*** Records for the task Section Begins ***

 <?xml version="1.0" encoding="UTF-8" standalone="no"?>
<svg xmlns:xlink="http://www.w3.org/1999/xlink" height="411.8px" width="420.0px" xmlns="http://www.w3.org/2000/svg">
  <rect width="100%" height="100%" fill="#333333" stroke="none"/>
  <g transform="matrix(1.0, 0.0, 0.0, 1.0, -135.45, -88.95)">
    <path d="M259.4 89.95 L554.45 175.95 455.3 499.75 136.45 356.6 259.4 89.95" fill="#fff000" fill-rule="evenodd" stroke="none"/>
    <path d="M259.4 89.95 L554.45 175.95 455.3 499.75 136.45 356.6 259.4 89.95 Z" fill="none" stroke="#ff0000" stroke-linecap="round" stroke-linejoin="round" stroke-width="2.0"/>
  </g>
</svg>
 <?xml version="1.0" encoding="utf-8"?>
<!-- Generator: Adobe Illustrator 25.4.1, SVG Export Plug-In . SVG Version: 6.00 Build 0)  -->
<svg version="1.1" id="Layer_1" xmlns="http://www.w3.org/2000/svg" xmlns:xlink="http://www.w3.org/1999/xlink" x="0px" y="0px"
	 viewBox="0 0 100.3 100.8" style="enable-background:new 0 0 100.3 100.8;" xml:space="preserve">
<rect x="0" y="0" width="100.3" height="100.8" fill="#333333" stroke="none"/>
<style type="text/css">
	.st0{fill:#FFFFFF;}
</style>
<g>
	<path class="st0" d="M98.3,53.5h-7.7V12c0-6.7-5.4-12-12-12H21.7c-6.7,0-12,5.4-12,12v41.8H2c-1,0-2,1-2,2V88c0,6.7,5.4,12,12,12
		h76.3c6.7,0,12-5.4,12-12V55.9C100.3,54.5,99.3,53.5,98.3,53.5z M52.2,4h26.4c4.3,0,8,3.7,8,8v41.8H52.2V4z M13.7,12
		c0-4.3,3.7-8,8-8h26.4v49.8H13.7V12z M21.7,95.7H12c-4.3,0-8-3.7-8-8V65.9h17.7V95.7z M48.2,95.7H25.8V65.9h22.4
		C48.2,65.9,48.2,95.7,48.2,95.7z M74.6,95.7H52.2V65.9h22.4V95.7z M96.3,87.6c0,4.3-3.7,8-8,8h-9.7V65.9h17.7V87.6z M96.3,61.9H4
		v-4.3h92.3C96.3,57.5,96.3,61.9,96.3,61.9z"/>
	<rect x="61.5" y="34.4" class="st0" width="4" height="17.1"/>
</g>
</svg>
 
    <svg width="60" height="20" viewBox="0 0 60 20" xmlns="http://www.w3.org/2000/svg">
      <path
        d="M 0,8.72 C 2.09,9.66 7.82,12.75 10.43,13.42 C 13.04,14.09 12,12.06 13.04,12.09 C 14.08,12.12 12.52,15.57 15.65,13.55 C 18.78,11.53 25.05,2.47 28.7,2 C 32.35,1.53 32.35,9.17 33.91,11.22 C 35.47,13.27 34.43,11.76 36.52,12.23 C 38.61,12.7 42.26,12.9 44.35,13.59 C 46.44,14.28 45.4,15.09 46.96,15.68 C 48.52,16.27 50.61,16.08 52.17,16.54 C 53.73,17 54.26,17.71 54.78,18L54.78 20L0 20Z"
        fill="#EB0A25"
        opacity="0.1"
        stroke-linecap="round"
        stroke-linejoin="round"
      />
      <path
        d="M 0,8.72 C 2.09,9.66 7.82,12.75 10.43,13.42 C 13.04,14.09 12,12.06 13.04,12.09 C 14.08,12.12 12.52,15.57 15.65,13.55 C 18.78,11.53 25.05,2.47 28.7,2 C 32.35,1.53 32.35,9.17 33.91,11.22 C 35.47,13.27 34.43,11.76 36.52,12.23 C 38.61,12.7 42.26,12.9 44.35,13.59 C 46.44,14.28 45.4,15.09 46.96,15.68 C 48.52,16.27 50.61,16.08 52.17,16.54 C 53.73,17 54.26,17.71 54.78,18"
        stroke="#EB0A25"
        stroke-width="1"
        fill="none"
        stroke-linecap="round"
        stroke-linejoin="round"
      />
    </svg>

*** Records for the task Section Ends ***

Your task
Word for word, repeat every record.

Exercise result
 <?xml version="1.0" encoding="UTF-8" standalone="no"?>
<svg xmlns:xlink="http://www.w3.org/1999/xlink" height="411.8px" width="420.0px" xmlns="http://www.w3.org/2000/svg">
  <rect width="100%" height="100%" fill="#333333" stroke="none"/>
  <g transform="matrix(1.0, 0.0, 0.0, 1.0, -135.45, -88.95)">
    <path d="M259.4 89.95 L554.45 175.95 455.3 499.75 136.45 356.6 259.4 89.95" fill="#fff000" fill-rule="evenodd" stroke="none"/>
    <path d="M259.4 89.95 L554.45 175.95 455.3 499.75 136.45 356.6 259.4 89.95 Z" fill="none" stroke="#ff0000" stroke-linecap="round" stroke-linejoin="round" stroke-width="2.0"/>
  </g>
</svg>
 <?xml version="1.0" encoding="utf-8"?>
<!-- Generator: Adobe Illustrator 25.4.1, SVG Export Plug-In . SVG Version: 6.00 Build 0)  -->
<svg version="1.1" id="Layer_1" xmlns="http://www.w3.org/2000/svg" xmlns:xlink="http://www.w3.org/1999/xlink" x="0px" y="0px"
	 viewBox="0 0 100.3 100.8" style="enable-background:new 0 0 100.3 100.8;" xml:space="preserve">
<rect x="0" y="0" width="100.3" height="100.8" fill="#333333" stroke="none"/>
<style type="text/css">
	.st0{fill:#FFFFFF;}
</style>
<g>
	<path class="st0" d="M98.3,53.5h-7.7V12c0-6.7-5.4-12-12-12H21.7c-6.7,0-12,5.4-12,12v41.8H2c-1,0-2,1-2,2V88c0,6.7,5.4,12,12,12
		h76.3c6.7,0,12-5.4,12-12V55.9C100.3,54.5,99.3,53.5,98.3,53.5z M52.2,4h26.4c4.3,0,8,3.7,8,8v41.8H52.2V4z M13.7,12
		c0-4.3,3.7-8,8-8h26.4v49.8H13.7V12z M21.7,95.7H12c-4.3,0-8-3.7-8-8V65.9h17.7V95.7z M48.2,95.7H25.8V65.9h22.4
		C48.2,65.9,48.2,95.7,48.2,95.7z M74.6,95.7H52.2V65.9h22.4V95.7z M96.3,87.6c0,4.3-3.7,8-8,8h-9.7V65.9h17.7V87.6z M96.3,61.9H4
		v-4.3h92.3C96.3,57.5,96.3,61.9,96.3,61.9z"/>
	<rect x="61.5" y="34.4" class="st0" width="4" height="17.1"/>
</g>
</svg>
 
    <svg width="60" height="20" viewBox="0 0 60 20" xmlns="http://www.w3.org/2000/svg">
      <path
        d="M 0,8.72 C 2.09,9.66 7.82,12.75 10.43,13.42 C 13.04,14.09 12,12.06 13.04,12.09 C 14.08,12.12 12.52,15.57 15.65,13.55 C 18.78,11.53 25.05,2.47 28.7,2 C 32.35,1.53 32.35,9.17 33.91,11.22 C 35.47,13.27 34.43,11.76 36.52,12.23 C 38.61,12.7 42.26,12.9 44.35,13.59 C 46.44,14.28 45.4,15.09 46.96,15.68 C 48.52,16.27 50.61,16.08 52.17,16.54 C 53.73,17 54.26,17.71 54.78,18L54.78 20L0 20Z"
        fill="#EB0A25"
        opacity="0.1"
        stroke-linecap="round"
        stroke-linejoin="round"
      />
      <path
        d="M 0,8.72 C 2.09,9.66 7.82,12.75 10.43,13.42 C 13.04,14.09 12,12.06 13.04,12.09 C 14.08,12.12 12.52,15.57 15.65,13.55 C 18.78,11.53 25.05,2.47 28.7,2 C 32.35,1.53 32.35,9.17 33.91,11.22 C 35.47,13.27 34.43,11.76 36.52,12.23 C 38.61,12.7 42.26,12.9 44.35,13.59 C 46.44,14.28 45.4,15.09 46.96,15.68 C 48.52,16.27 50.61,16.08 52.17,16.54 C 53.73,17 54.26,17.71 54.78,18"
        stroke="#EB0A25"
        stroke-width="1"
        fill="none"
        stroke-linecap="round"
        stroke-linejoin="round"
      />
    </svg>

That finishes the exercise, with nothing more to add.